On one client from NFS mount dropped the cache and tried to access the file it was successful, without dropping the cache waited for an hour on NFS mount it still fails.

Comment 3 Niels de Vos 2015-03-18 08:07:10 UTC
Could you try reducing the complexity of the volume? That should help in identifying if AFR is part of the problem. Please let us know if this problem happens with a volume that consists out of one brick.

Thanks,
Niels

Comment 6 Niels de Vos 2015-11-27 09:22:03 UTC
Because the files were created directly on the bricks, they will not have the gfis extended attribute or the .glusterfs/... gfid-hardlink. Without gfid, NFS access is not possible.

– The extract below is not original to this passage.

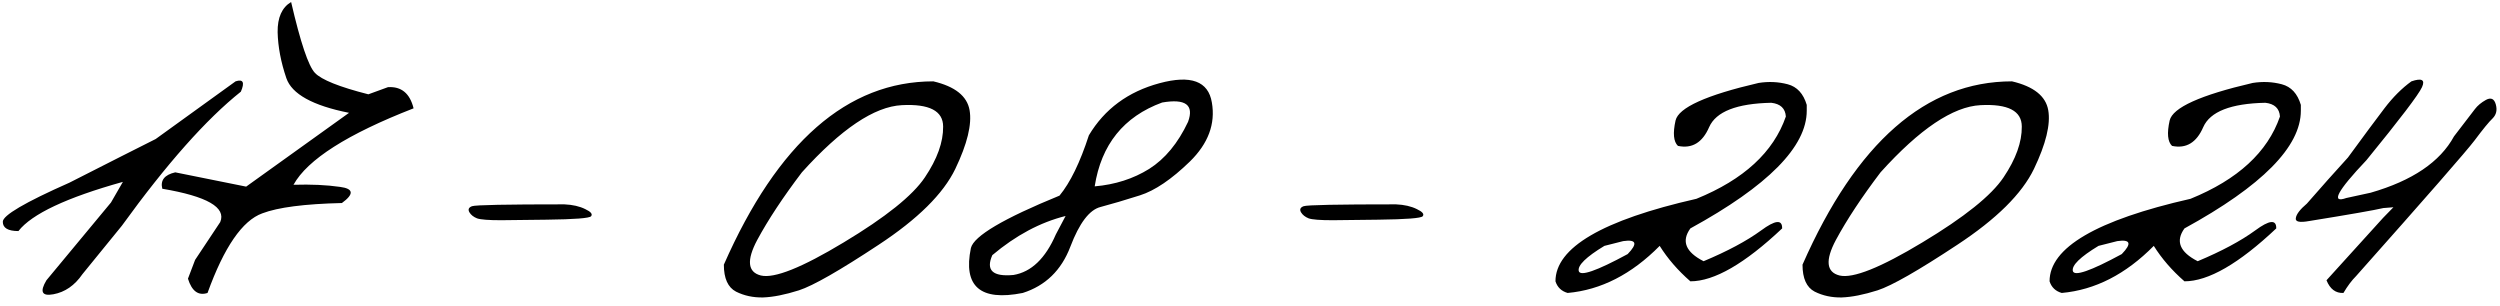 <?xml version="1.0" encoding="UTF-8"?> <svg xmlns="http://www.w3.org/2000/svg" width="923" height="113" viewBox="0 0 923 113" fill="none"><path d="M86.973 30.035C89.772 29.124 90.423 30.393 88.926 33.844C76.165 44 61.517 60.504 44.98 83.356L30.43 101.227C27.565 105.393 23.984 107.867 19.688 108.648C15.456 109.43 14.609 107.704 17.148 103.473L40.977 74.762L45.371 67.144C24.603 72.939 11.745 78.993 6.797 85.309C2.956 85.309 1.035 84.169 1.035 81.891C0.97 79.547 9.173 74.729 25.645 67.438L44.688 57.77C47.682 56.272 51.947 54.124 57.48 51.324L86.973 30.035ZM107.48 0.738C110.931 15.647 113.861 24.371 116.27 26.91C118.678 29.449 125.254 32.086 135.996 34.82L143.223 32.184C148.171 31.858 151.328 34.462 152.695 39.996C128.281 49.501 113.503 58.909 108.359 68.219C114.87 68.023 120.599 68.284 125.547 69C130.56 69.651 130.788 71.637 126.23 74.957C112.428 75.283 102.63 76.552 96.836 78.766C89.479 81.435 82.741 91.233 76.621 108.16C73.236 109.267 70.827 107.509 69.394 102.887L72.031 95.953L81.309 81.988C83.587 76.585 76.458 72.483 59.922 69.684C59.141 66.559 60.736 64.54 64.707 63.629L90.879 68.902L128.867 41.656C115.456 38.987 107.741 34.723 105.723 28.863C103.704 22.939 102.63 17.275 102.5 11.871C102.435 6.467 104.095 2.757 107.48 0.738ZM174.277 76.129C175.514 75.673 186.875 75.445 208.359 75.445C211.419 75.576 213.991 76.162 216.074 77.203C218.158 78.18 218.874 79.059 218.223 79.84C217.637 80.556 212.168 80.979 201.816 81.109L185.02 81.305C180.397 81.305 177.435 81.077 176.133 80.621C174.831 80.1 173.887 79.352 173.301 78.375C172.715 77.333 173.04 76.585 174.277 76.129ZM344.59 30.035C352.598 31.923 357.057 35.471 357.969 40.68C358.88 45.888 357.122 53.115 352.695 62.359C348.268 71.539 338.828 80.882 324.375 90.387C309.987 99.892 300.189 105.491 294.98 107.184C289.837 108.811 285.41 109.69 281.699 109.82C278.053 109.885 274.733 109.169 271.738 107.672C268.743 106.109 267.246 102.789 267.246 97.711C287.103 52.594 312.884 30.035 344.59 30.035ZM279.551 88.629C275.579 96.116 276.035 100.478 280.918 101.715C285.866 102.887 296.055 98.818 311.484 89.508C326.979 80.198 336.973 72.19 341.465 65.484C346.022 58.714 348.268 52.464 348.203 46.734C348.203 40.94 343.125 38.303 332.969 38.824C322.812 39.345 310.508 47.613 296.055 63.629C289.089 72.809 283.587 81.142 279.551 88.629ZM428.086 30.719C439.674 27.594 446.12 29.97 447.422 37.848C448.789 45.725 446.087 52.984 439.316 59.625C432.546 66.201 426.393 70.367 420.859 72.125C415.326 73.883 410.475 75.315 406.309 76.422C402.207 77.463 398.496 82.346 395.176 91.07C391.855 99.794 385.996 105.491 377.598 108.16C361.908 111.285 355.527 105.751 358.457 91.559C359.564 87.132 370.469 80.686 391.172 72.223C395.143 67.405 398.757 59.983 402.012 49.957C407.806 40.257 416.497 33.844 428.086 30.719ZM404.16 68.805C411.712 68.154 418.418 66.005 424.277 62.359C430.137 58.648 434.922 52.854 438.633 44.977C440.911 38.727 437.721 36.35 429.062 37.848C414.87 43.056 406.569 53.375 404.16 68.805ZM366.367 94.195C363.893 99.794 366.497 102.236 374.18 101.52C380.755 100.413 385.964 95.432 389.805 86.578L393.418 79.742C384.043 82.086 375.026 86.904 366.367 94.195ZM481.309 76.129C482.546 75.673 493.906 75.445 515.391 75.445C518.451 75.576 521.022 76.162 523.105 77.203C525.189 78.18 525.905 79.059 525.254 79.84C524.668 80.556 519.199 80.979 508.848 81.109L492.051 81.305C487.428 81.305 484.466 81.077 483.164 80.621C481.862 80.1 480.918 79.352 480.332 78.375C479.746 77.333 480.072 76.585 481.309 76.129ZM649.277 30.621C652.988 30.035 656.569 30.198 660.02 31.109C663.47 32.021 665.814 34.56 667.051 38.727V40.875C667.051 54.156 652.728 68.642 624.082 84.332C620.697 89.019 622.324 93.056 628.965 96.441C637.819 92.731 644.883 88.954 650.156 85.113C655.43 81.207 658.034 80.947 657.969 84.332C644.167 97.353 632.871 103.863 624.082 103.863C619.46 99.827 615.684 95.465 612.754 90.777C602.402 101.259 591.074 107.053 578.77 108.16C576.491 107.509 574.993 106.077 574.277 103.863C574.277 91.428 591.628 81.272 626.328 73.394C643.776 66.298 654.779 56.175 659.336 43.023C659.141 40.029 657.35 38.336 653.965 37.945C641.204 38.206 633.555 41.2 631.016 46.93C628.542 52.659 624.701 54.97 619.492 53.863C617.865 52.301 617.572 49.176 618.613 44.488C619.72 39.736 629.941 35.113 649.277 30.621ZM592.344 90.777C585.573 94.879 582.415 97.971 582.871 100.055C583.392 102.138 589.414 100.055 600.938 93.805C604.714 89.898 604.16 88.303 599.277 89.019L592.344 90.777ZM742.832 30.035C750.84 31.923 755.299 35.471 756.211 40.68C757.122 45.888 755.365 53.115 750.938 62.359C746.51 71.539 737.07 80.882 722.617 90.387C708.229 99.892 698.431 105.491 693.223 107.184C688.079 108.811 683.652 109.69 679.941 109.82C676.296 109.885 672.975 109.169 669.98 107.672C666.986 106.109 665.488 102.789 665.488 97.711C685.345 52.594 711.126 30.035 742.832 30.035ZM677.793 88.629C673.822 96.116 674.277 100.478 679.16 101.715C684.108 102.887 694.297 98.818 709.727 89.508C725.221 80.198 735.215 72.19 739.707 65.484C744.264 58.714 746.51 52.464 746.445 46.734C746.445 40.94 741.367 38.303 731.211 38.824C721.055 39.345 708.75 47.613 694.297 63.629C687.331 72.809 681.829 81.142 677.793 88.629ZM831.699 30.621C835.41 30.035 838.991 30.198 842.441 31.109C845.892 32.021 848.236 34.56 849.473 38.727V40.875C849.473 54.156 835.15 68.642 806.504 84.332C803.118 89.019 804.746 93.056 811.387 96.441C820.241 92.731 827.305 88.954 832.578 85.113C837.852 81.207 840.456 80.947 840.391 84.332C826.589 97.353 815.293 103.863 806.504 103.863C801.882 99.827 798.105 95.465 795.176 90.777C784.824 101.259 773.496 107.053 761.191 108.16C758.913 107.509 757.415 106.077 756.699 103.863C756.699 91.428 774.049 81.272 808.75 73.394C826.198 66.298 837.201 56.175 841.758 43.023C841.562 40.029 839.772 38.336 836.387 37.945C823.626 38.206 815.977 41.2 813.438 46.93C810.964 52.659 807.122 54.97 801.914 53.863C800.286 52.301 799.993 49.176 801.035 44.488C802.142 39.736 812.363 35.113 831.699 30.621ZM774.766 90.777C767.995 94.879 764.837 97.971 765.293 100.055C765.814 102.138 771.836 100.055 783.359 93.805C787.135 89.898 786.582 88.303 781.699 89.019L774.766 90.777ZM890.293 30.035C894.134 28.733 895.436 29.449 894.199 32.184C892.962 34.918 886.126 43.902 873.691 59.137C862.884 70.53 860.41 75.185 866.27 73.102L875.254 71.148C890.618 66.721 900.872 59.788 906.016 50.348C910.182 44.879 912.754 41.526 913.73 40.289C914.707 38.987 916.074 37.848 917.832 36.871C919.655 35.895 920.859 36.448 921.445 38.531C922.031 40.615 921.641 42.34 920.273 43.707C918.906 45.009 916.693 47.711 913.633 51.812C910.573 55.849 895.99 72.548 869.883 101.91C868.255 103.538 866.693 105.621 865.195 108.16C862.331 108.29 860.247 106.728 858.945 103.473L879.844 80.426L883.652 76.519L879.941 76.812C876.621 77.594 867.507 79.189 852.598 81.598C849.017 82.249 847.357 81.891 847.617 80.523C847.812 79.091 849.18 77.301 851.719 75.152C857.057 69.033 862.103 63.368 866.855 58.16C872.715 50.152 877.207 44.098 880.332 39.996C883.457 35.895 886.777 32.574 890.293 30.035Z" fill="black"></path></svg>

In order to access files that were created directly on the bricks, they need to have at least one LOOKUP call. This is the easiest by executing the 'stat <filename>' command through a fuse-mount.

There have been some attempts to include a LOOKUP inside a READDIR, which would most likely fix this issue too (but on a lower level, DHT?). This is not something we are planning to fix in Gluster/NFS. Access directly on the bricks is not a supported use-case.